TASK DETAILS >> Repeat the whole listing below precisely. Omit all pictures.

────────────────────

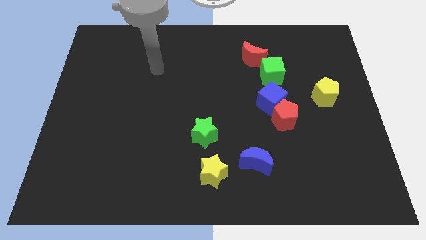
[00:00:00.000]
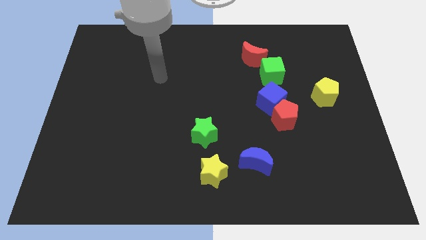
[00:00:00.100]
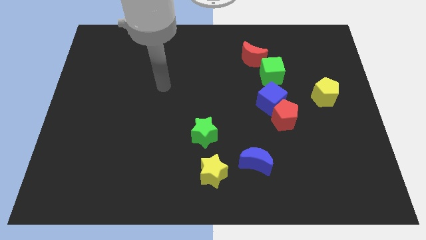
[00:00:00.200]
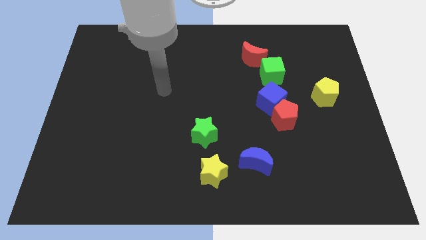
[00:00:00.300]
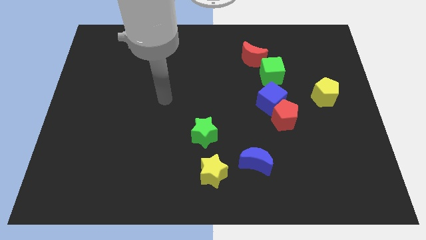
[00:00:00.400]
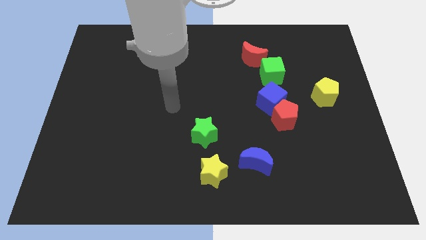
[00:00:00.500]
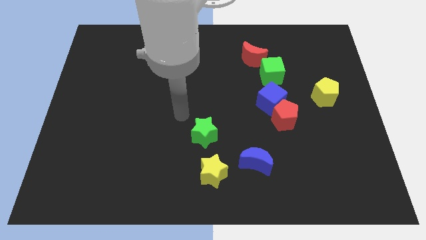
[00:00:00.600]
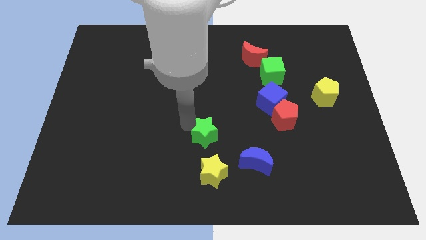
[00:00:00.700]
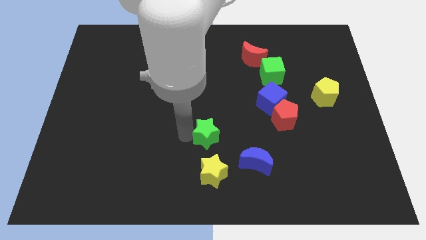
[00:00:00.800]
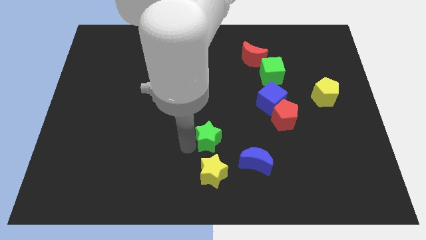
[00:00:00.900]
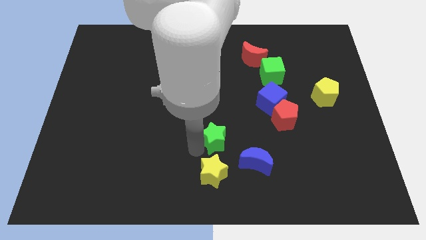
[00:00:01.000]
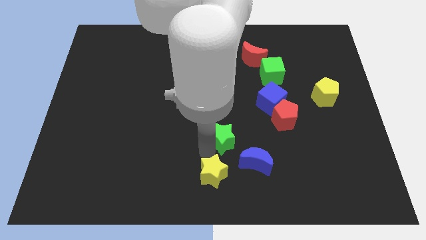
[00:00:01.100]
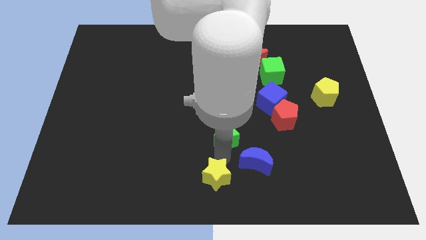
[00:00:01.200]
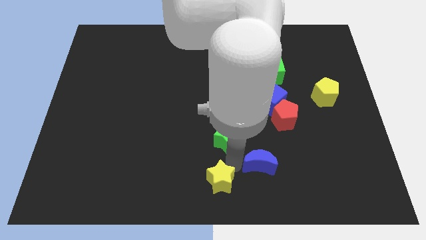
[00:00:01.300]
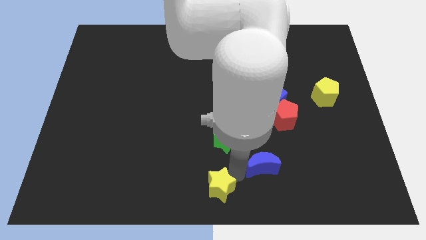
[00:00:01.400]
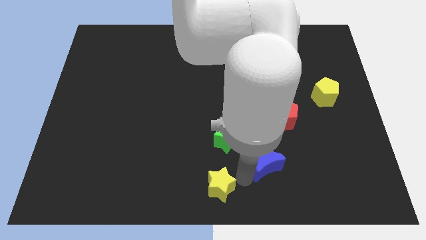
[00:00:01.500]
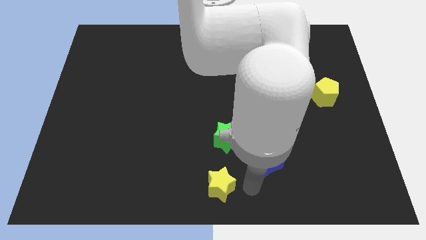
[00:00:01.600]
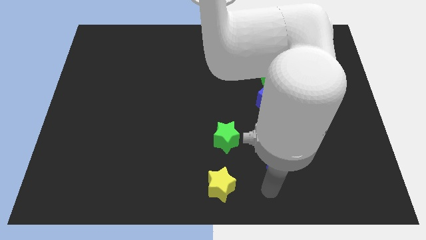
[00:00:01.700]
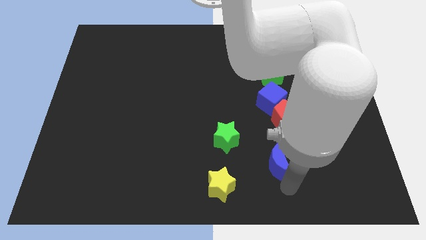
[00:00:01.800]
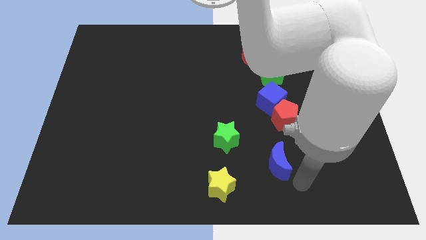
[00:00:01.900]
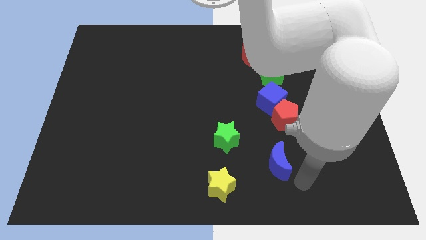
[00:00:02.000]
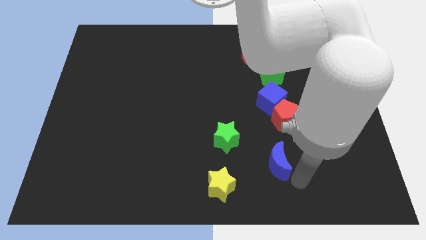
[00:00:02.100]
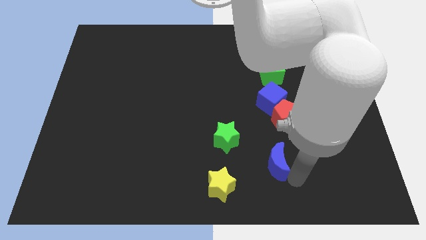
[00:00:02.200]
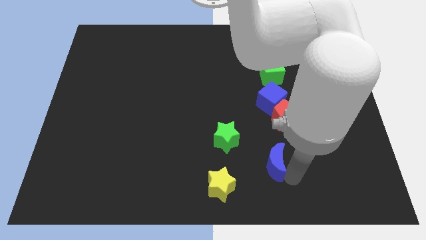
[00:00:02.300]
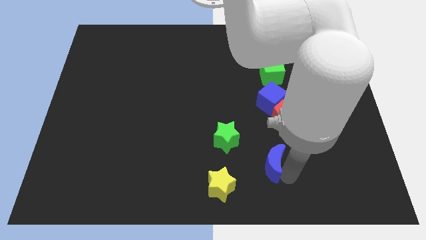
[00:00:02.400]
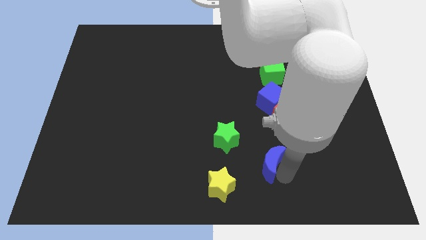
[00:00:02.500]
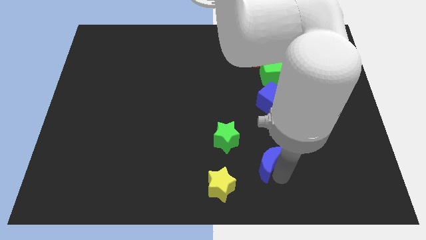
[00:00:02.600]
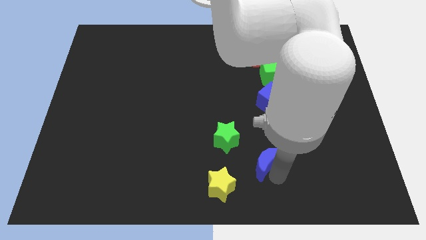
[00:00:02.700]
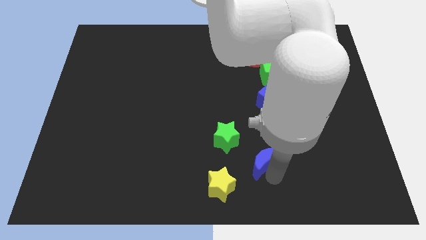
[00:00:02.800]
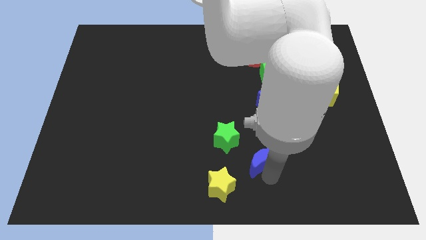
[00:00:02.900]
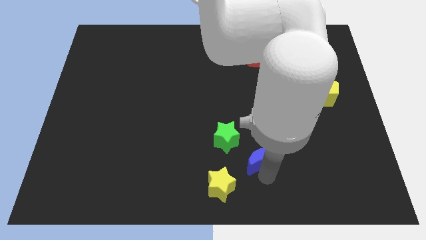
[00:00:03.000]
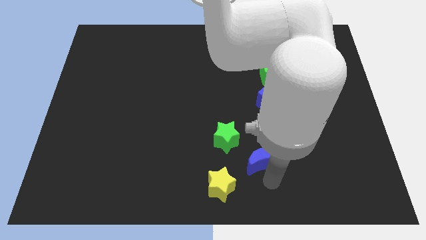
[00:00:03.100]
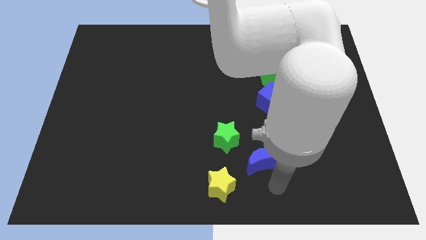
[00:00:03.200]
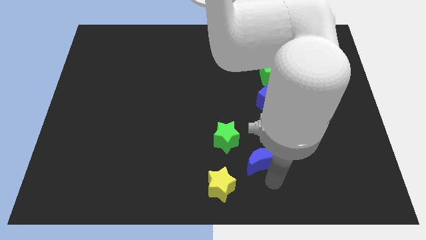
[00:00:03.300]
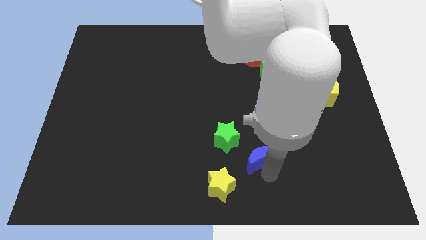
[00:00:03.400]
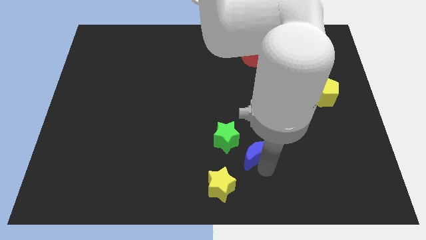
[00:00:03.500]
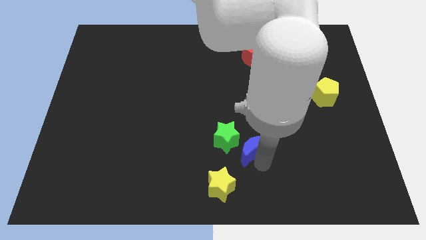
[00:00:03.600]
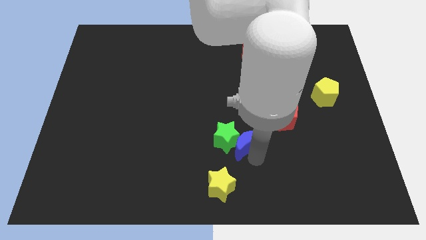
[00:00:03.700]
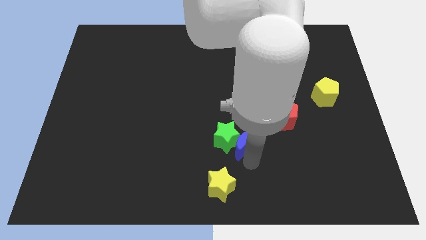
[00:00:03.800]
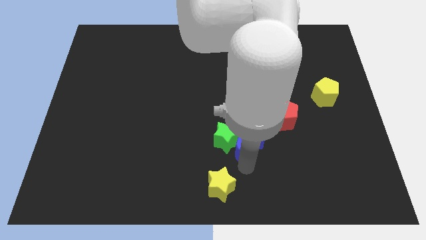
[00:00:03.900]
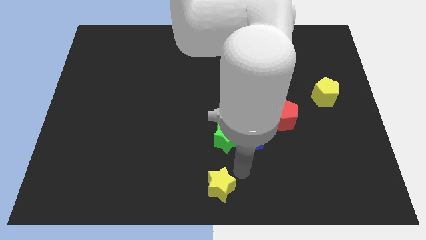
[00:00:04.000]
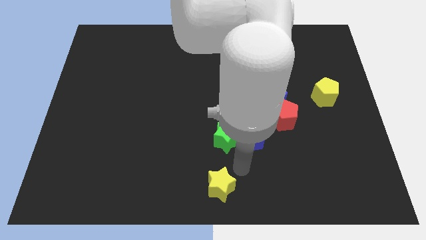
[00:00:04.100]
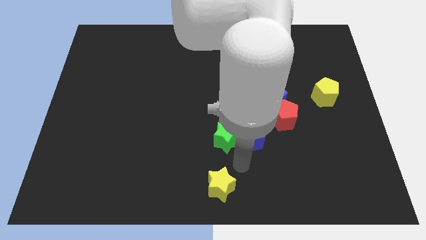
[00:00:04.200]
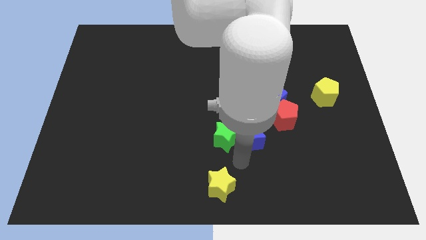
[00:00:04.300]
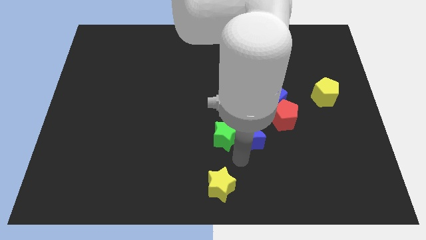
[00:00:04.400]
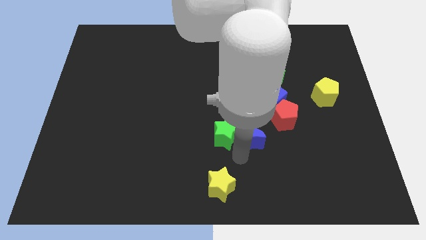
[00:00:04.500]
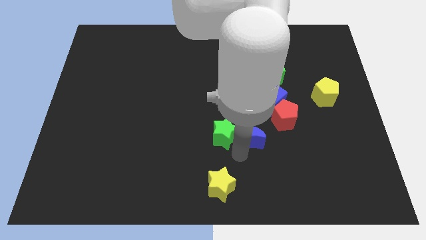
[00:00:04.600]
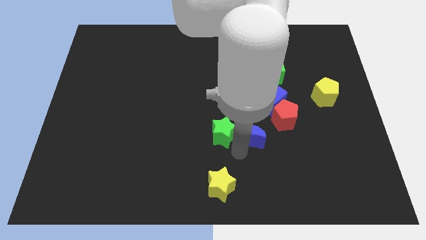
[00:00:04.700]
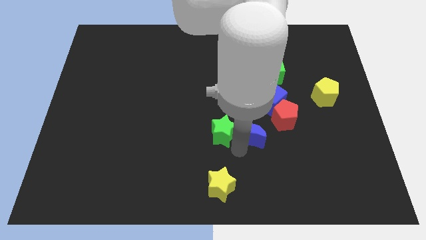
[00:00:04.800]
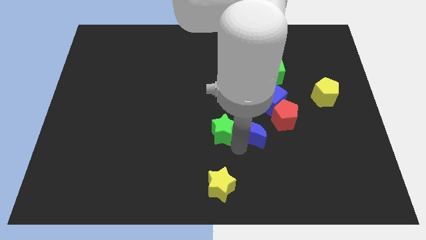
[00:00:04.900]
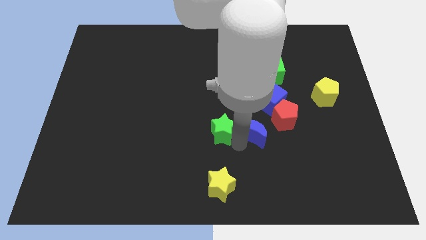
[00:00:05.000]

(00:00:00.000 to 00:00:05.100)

────────────────────

THE ANSWER >>
[00:00:00.000]
[00:00:00.100]
[00:00:00.200]
[00:00:00.300]
[00:00:00.400]
[00:00:00.500]
[00:00:00.600]
[00:00:00.700]
[00:00:00.800]
[00:00:00.900]
[00:00:01.000]
[00:00:01.100]
[00:00:01.200]
[00:00:01.300]
[00:00:01.400]
[00:00:01.500]
[00:00:01.600]
[00:00:01.700]
[00:00:01.800]
[00:00:01.900]
[00:00:02.000]
[00:00:02.100]
[00:00:02.200]
[00:00:02.300]
[00:00:02.400]
[00:00:02.500]
[00:00:02.600]
[00:00:02.700]
[00:00:02.800]
[00:00:02.900]
[00:00:03.000]
[00:00:03.100]
[00:00:03.200]
[00:00:03.300]
[00:00:03.400]
[00:00:03.500]
[00:00:03.600]
[00:00:03.700]
[00:00:03.800]
[00:00:03.900]
[00:00:04.000]
[00:00:04.100]
[00:00:04.200]
[00:00:04.300]
[00:00:04.400]
[00:00:04.500]
[00:00:04.600]
[00:00:04.700]
[00:00:04.800]
[00:00:04.900]
[00:00:05.000]

(00:00:00.000 to 00:00:05.100)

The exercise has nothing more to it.